Bugün onlar, hala 1960 anayasası ile yönetilen, Kıbrıs Cumhuriyeti’nden kaynaklı hakkımızın olduğuna inandığım, biz veya Türkiye tanımasa da, bölgemizde kendileri ile işbirliği yapan ülkelerle ilan ettikleri münhasır ekonomik bölge içinde bulunan kaynakları konuşurken, bizim elektrik santralimizdeki eksik yakıtı tartışıyor olmamızı, bir türlü içime sindiremiyorum.

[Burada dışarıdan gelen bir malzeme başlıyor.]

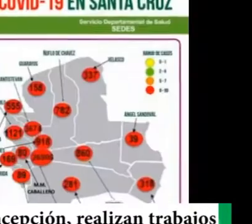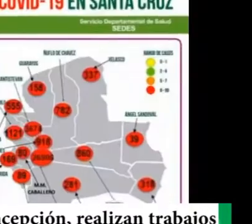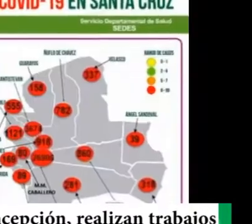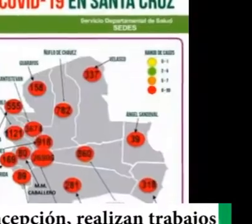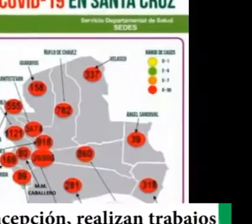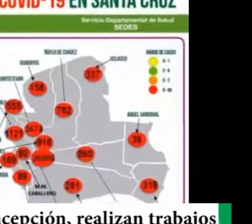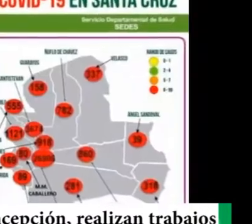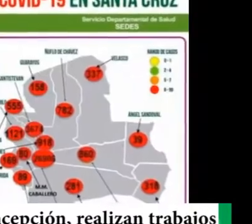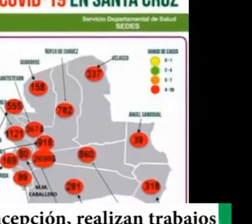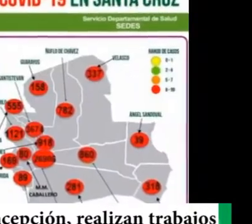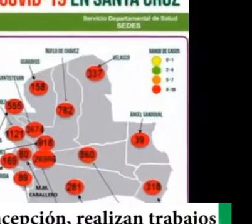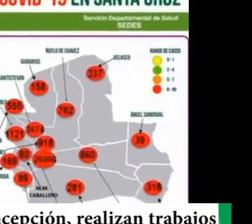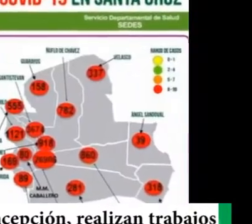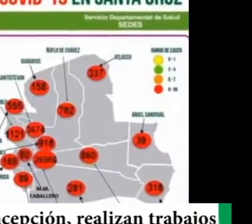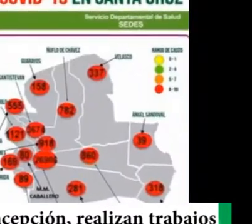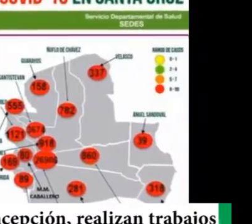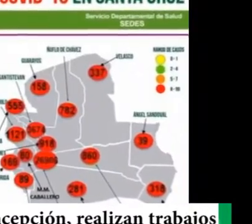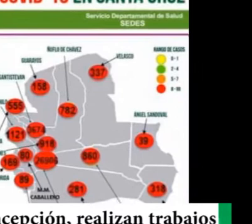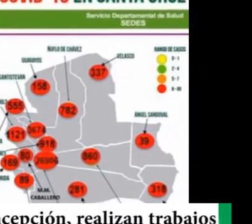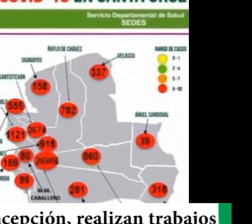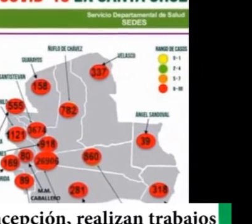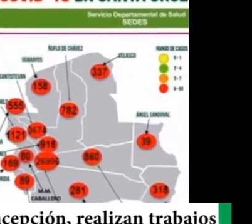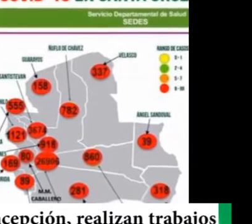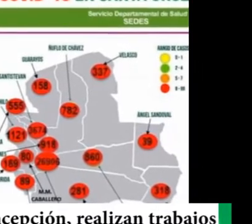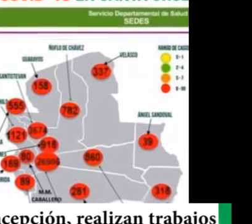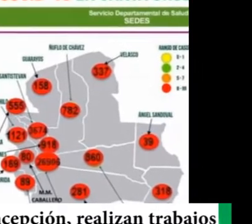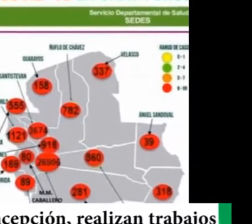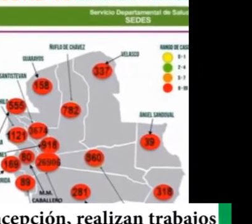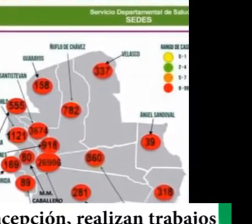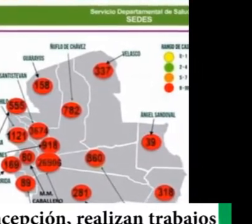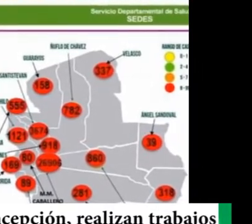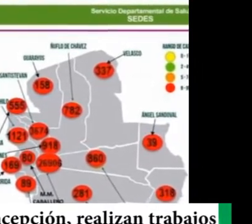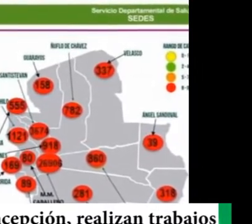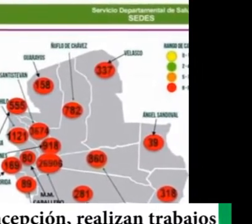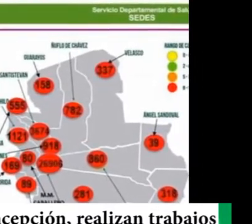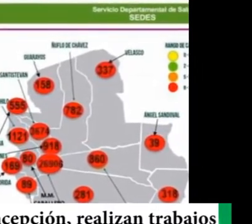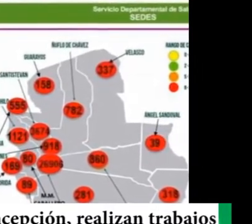que va en el departamento de 36.688.

Bu bağlamda, Kıbrıs’taki olası bir çözümün zorlayıcısı ve eşit ortaklıktan gelen haklarımızın aranması, siyasetimizin için bir zorunluluk olmalıdır.
Türkiye Cumhuriyeti Dışişleri Bakanı Mevlüt Çavuşoğlu, Kıbrıs’la ilgili açıklamalarında, birçok kez; “Müzakere eşitler arasında olur, yoksa herhangi bir anlamı da olmaz” cümlesini kullandı .
Bizim eşit hakkımızın zaten var olduğu Kıbrıs Cumhuriyeti’ndeki toplumsal haklarımıza sahip çıkıp, Rum tarafını zorlayıcı, onların sahiplendiği gibi, ayni varlıkta eşit ortak olarak, yeni bir müzakere zemini yaratmayı denemiyoruz?
Günümüz dünyasında, bir biri ile kanlı savaşlar yapmış birçok devletin, menfaatleri uğruna yaptıkları anlaşmalar ile geldikleri noktaların örnekleri ortada dururken, bizim neyi beklediğimizi ise anlamıyorum.
Devletler duygusal değildir.
Devletler menfaat için vardır.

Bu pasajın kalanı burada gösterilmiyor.